Temporal Analysis & Visualizations

Extract events, construct timelines, and visualize knowledge graphs.

Event Detection

Automatically detect significant events in documents:

  • 5 Event Types - Product releases, company milestones, technical innovations, cultural events, version updates

  • 8 Date Formats - Full dates, month-year, year ranges, decades, parenthetical dates

  • Confidence Scoring - Pattern matching with proximity-based confidence (0.0-1.0)

  • Entity Association - Automatically link entities to events

# Extract events from a document
result = kb.extract_document_events('doc_id', min_confidence=0.7)
# Returns: event_count, filtered_count, stored_count, events list

Timeline Construction

Build chronological timelines with flexible querying:

  • Automatic Timeline Building - Chronologically sorted by date (YYYYMMDD integer sort)

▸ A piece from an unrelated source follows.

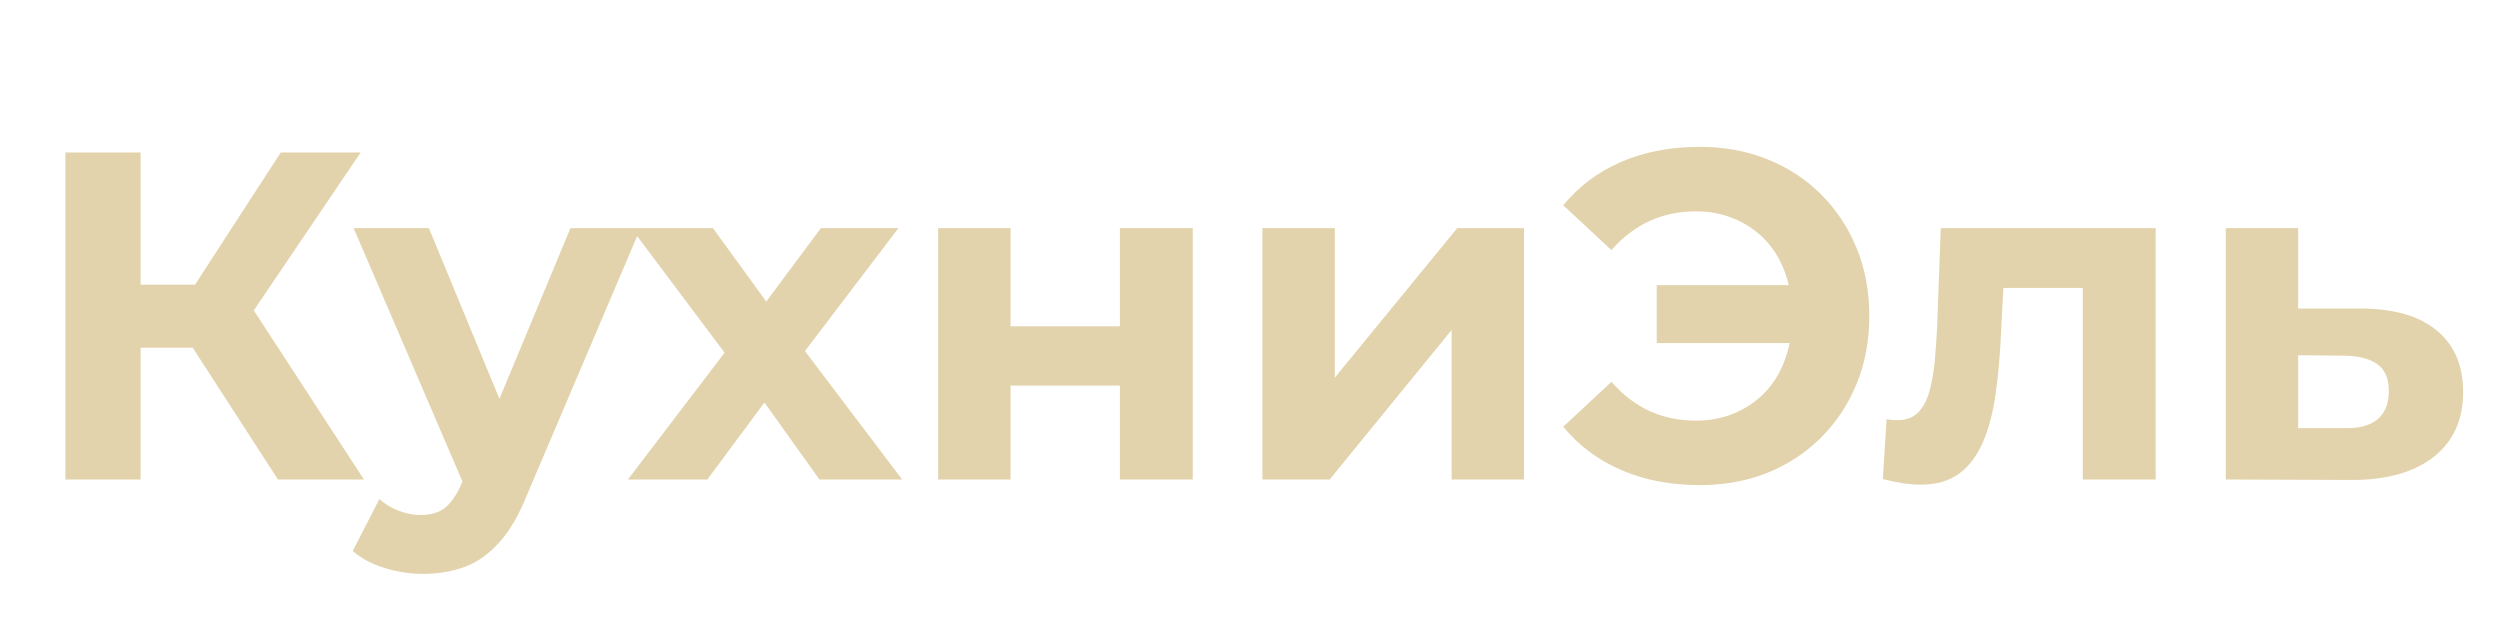 <svg xmlns="http://www.w3.org/2000/svg" tabindex="0" id="logo" viewBox="0 0 292 73">  <g transform="translate(3,3) scale(1.819,1.819)" style="color: rgb(226, 211, 172);"> <g opacity="1" fill="#e2d3ac" style="font-size: 30px; font-family: &quot;Montserrat&quot;, &quot;Source Sans 3&quot;, &quot;Roboto&quot;; font-style: normal; font-weight: bold"><path d="M16.2 29.14L9.66 19.03L13.59 16.66L21.72 29.14ZM2.55 29.14L2.55 8.14L7.38 8.14L7.38 29.14ZM5.97 20.68L5.97 16.63L13.29 16.63L13.29 20.68ZM14.04 19.18L9.57 18.64L16.38 8.14L21.51 8.14ZM25.5 35.2Q24.24 35.2 23.01 34.81Q21.78 34.42 21 33.73L22.71 30.4Q23.25 30.88 23.96 31.15Q24.66 31.42 25.35 31.42Q26.34 31.42 26.92 30.96Q27.51 30.49 27.99 29.41L28.83 27.43L29.19 26.92L34.98 13L39.48 13L32.19 30.13Q31.41 32.08 30.4 33.19Q29.4 34.3 28.19 34.75Q26.97 35.2 25.5 35.2ZM28.26 29.77L21.06 13L25.89 13L31.47 26.5ZM38.67 29.14L45.9 19.66L45.81 22.24L38.88 13L44.13 13L48.51 19.03L46.53 19.09L51.06 13L56.04 13L49.08 22.15L49.08 19.63L56.28 29.14L50.97 29.14L46.38 22.72L48.33 22.99L43.77 29.14ZM58.59 29.14L58.59 13L63.24 13L63.24 19.3L70.26 19.3L70.26 13L74.94 13L74.94 29.14L70.26 29.14L70.26 23.11L63.24 23.11L63.24 29.14ZM79.41 29.14L79.41 13L84.06 13L84.06 22.6L91.92 13L96.21 13L96.21 29.14L91.56 29.14L91.56 19.54L83.73 29.14ZM104.73 20.38L104.73 16.66L115.11 16.66L115.11 20.38ZM107.49 7.78Q109.86 7.78 111.84 8.58Q113.82 9.37 115.29 10.84Q116.76 12.31 117.57 14.29Q118.38 16.27 118.38 18.64Q118.38 21.01 117.57 22.99Q116.76 24.97 115.29 26.44Q113.82 27.91 111.84 28.71Q109.86 29.5 107.49 29.5Q104.7 29.5 102.47 28.54Q100.23 27.58 98.73 25.75L101.82 22.87Q102.93 24.13 104.28 24.75Q105.63 25.36 107.25 25.36Q108.6 25.36 109.76 24.87Q110.91 24.37 111.74 23.49Q112.56 22.6 112.99 21.37Q113.43 20.14 113.43 18.64Q113.43 17.14 112.99 15.91Q112.56 14.68 111.74 13.8Q110.91 12.91 109.76 12.42Q108.6 11.92 107.25 11.92Q105.63 11.92 104.28 12.54Q102.93 13.15 101.82 14.41L98.73 11.53Q100.23 9.7 102.46 8.74Q104.7 7.78 107.49 7.78ZM119.25 29.11L119.49 25.27Q119.67 25.3 119.85 25.32Q120.03 25.33 120.18 25.33Q121.02 25.33 121.5 24.85Q121.98 24.37 122.22 23.55Q122.46 22.72 122.57 21.67Q122.67 20.62 122.73 19.48L122.97 13L136.77 13L136.77 29.14L132.09 29.14L132.09 15.7L133.14 16.84L126.06 16.84L127.05 15.64L126.84 19.69Q126.75 21.85 126.49 23.65Q126.24 25.45 125.67 26.76Q125.1 28.06 124.14 28.77Q123.18 29.47 121.68 29.47Q121.14 29.47 120.54 29.38Q119.94 29.29 119.25 29.11ZM150 18.16Q153.18 18.19 154.84 19.59Q156.51 20.98 156.51 23.53Q156.51 26.2 154.62 27.69Q152.73 29.17 149.37 29.17L141.27 29.14L141.27 13L145.92 13L145.92 18.16ZM148.95 25.84Q150.3 25.87 151.02 25.27Q151.74 24.67 151.74 23.47Q151.74 22.27 151.02 21.75Q150.3 21.22 148.95 21.19L145.92 21.16L145.92 25.84Z"/></g></g>  </svg>

  • Category Organization - Group by decade-type combinations (e.g., "1980s-release")

  • Importance Levels - 1-5 scale based on confidence

  • Date Range Filtering - Query events by year range, type, importance

# Build timeline from events
timeline_result = kb.build_timeline(min_confidence=0.5)

# Query timeline
timeline = kb.get_timeline(start_year=1980, end_year=1989, min_importance=3)

# Get historical context
context = kb.get_historical_context(year=1982, context_years=2)

Interactive Visualizations

Generate interactive HTML visualizations with Plotly and NetworkX:

Timeline Visualizations:

  • Interactive Timeline - Horizontal timeline with zoom/pan, color-coded by event type

  • Event Network - Spring layout showing event relationships

  • Trend Charts - Multi-subplot dashboard (bar chart, stacked area, cumulative line)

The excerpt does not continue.